Alcuni consigli utili su come lasciare andare la "mente ragionante": 


Alimentazione
fare una cena leggera, non assumere sostanze attivanti (es:caffè)

Comportamenti
- Almeno mezz'ora prima di coricarsi non fare attività che attivino la mente (lavorare, leggere libri, entrare in discussione animate...); 
- Non pianificare le attività del giorno dopo o ai problemi da risolvere il giorno dopo;  avere il proprio rituale di preparazione al sonno, con gesti abituali fatti con calma e consapevolezza delle sensazioni, è come avvicinarsi a un luogo familiare e iniziare a pregustarlo mentre ci si avvicina;
- Se si vuole può essere utile attivare la percezione delle sensazioni, in modo delicato: ricordiamoci che la sensibilità sensoriale riduce il chiacchiericcio della mente!  Ad esempio con una doccia o un bagno caldo, come se “lavasse via” tutto quello che si vuole metter da parte della giornata.

Posizione del sonno: 
La posizione migliore è su un fianco con le ginocchia lievemente flesse ma non troppo in modo tale da mantenere anche nel sonno la fisiologica curvatura lombare, inoltre i materassi in cui non si sprofonda troppo sono migliori perché permettono alla muscolatura di rilassarsi.
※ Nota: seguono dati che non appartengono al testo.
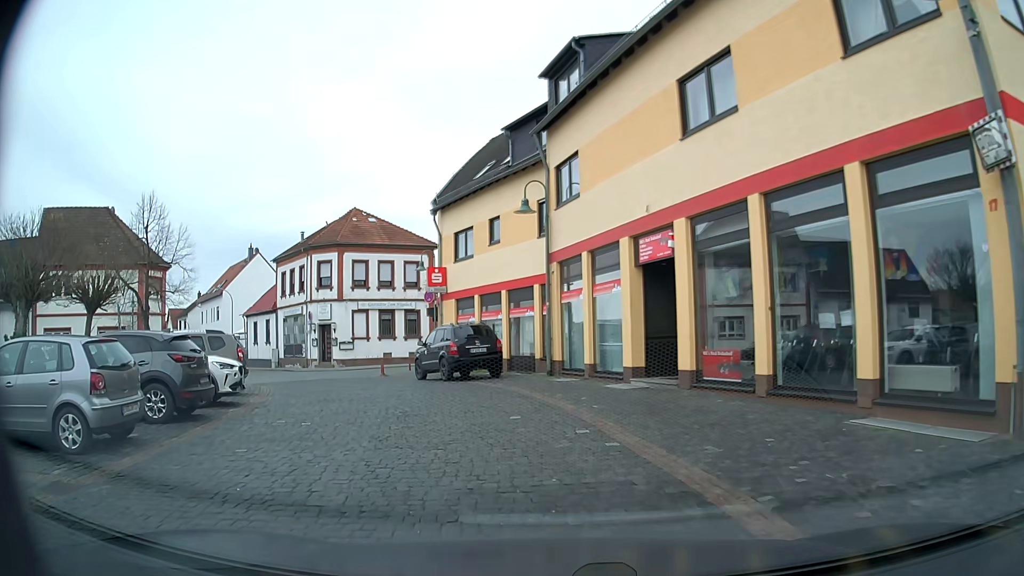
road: residential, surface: sett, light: Day
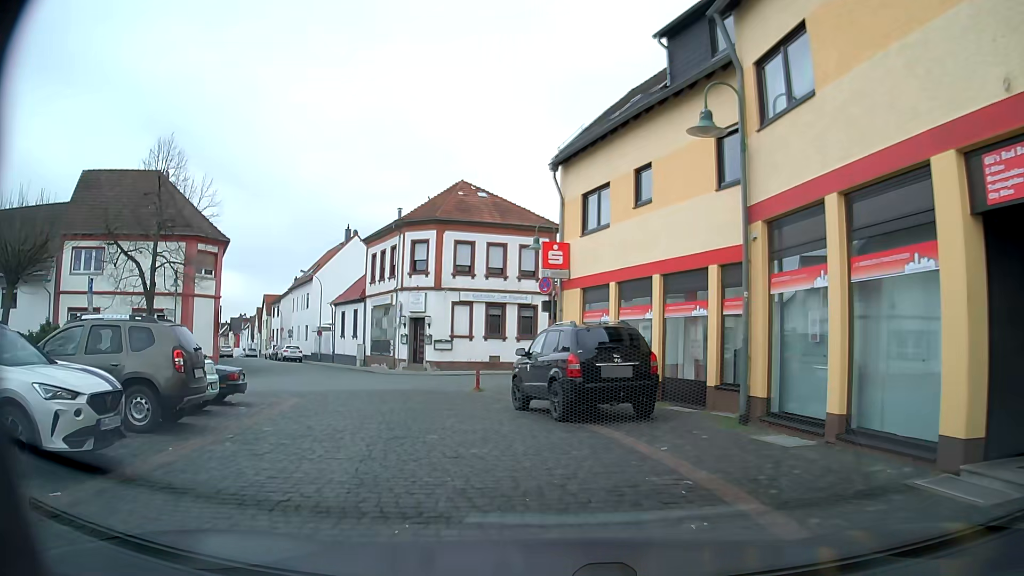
(-0.8, +8.5) m; -10°
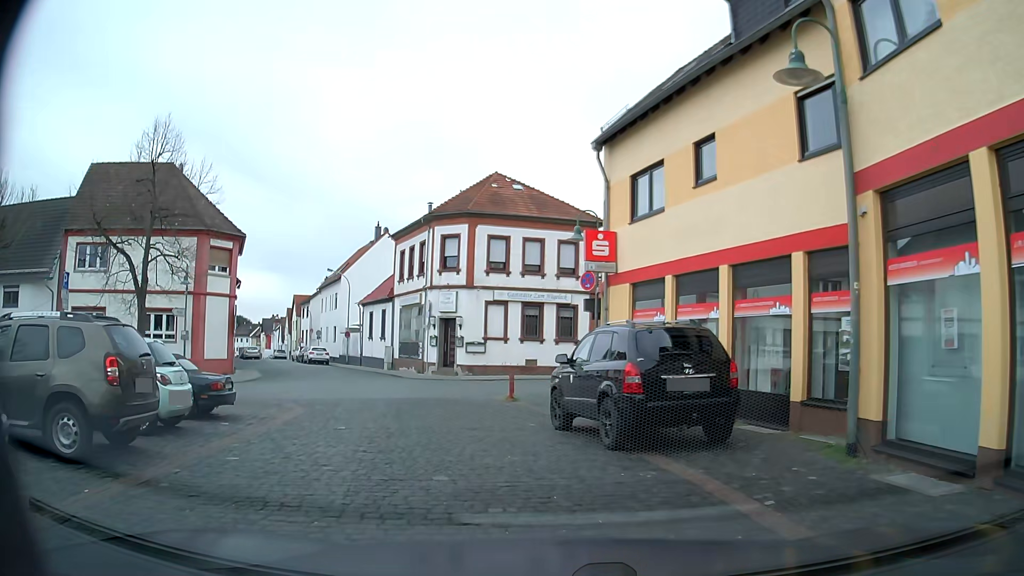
(-0.1, +2.6) m; -4°
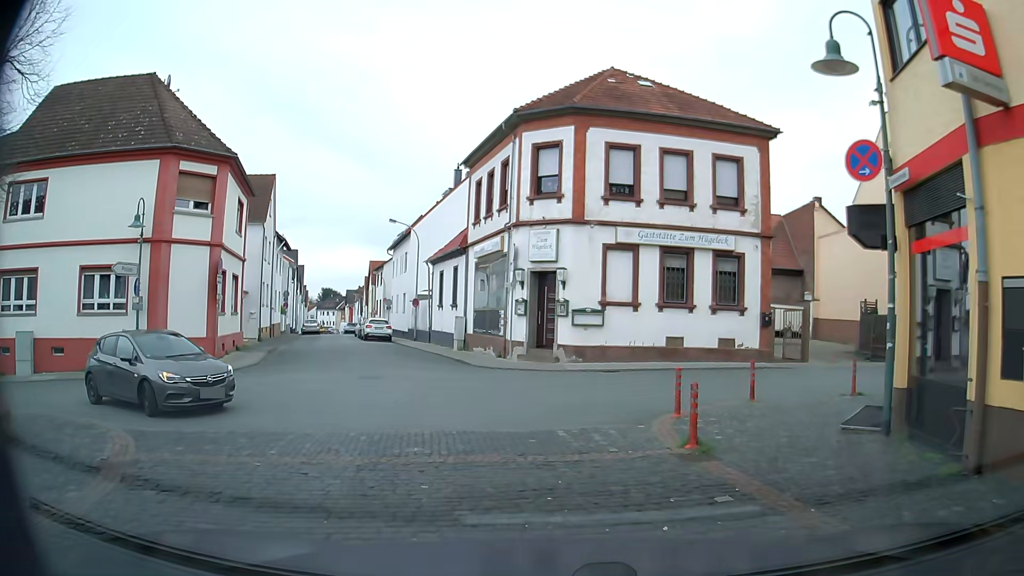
(-1.2, +12.2) m; -9°

Pratiche che favoriscono il sonno prima di coricarsi: 
Yoga da coricati che favorisce la transizione dall'attivazione del giorno al rilasciamento che prelude al sonno oppure lo Yoga che mira alla consapevolezza del movimento, in modo lento e  leggero.

Nel letto a luci spente: 
1) Consapevolezza sensoriale (body scan, meditazione sul respiro, respirazione diaframmatica)
2) Sensoriali affettive (contatto con se stessi); 
3) Automassaggio; 
4) Immaginative (il luogo di pace interno, il flusso di luce); 
5) Intenzione affettiva (Meditazione del cuore verso persone care e se stessi lasciando risuonare parole e immagini).

Quando ci si sveglia la notte:
- Non ragionare sui problemi;
- Restare in ascolto del respiro, o del contatto con le mani, o con le immagini che passano per la mente accogliendole, riposandosi senza avere l'obiettivo di dormire così si riduce la preoccupazione e dunque l'attivazione dell'emisfero sinistro, ed è più probabile che il sonno naturale arrivi prima.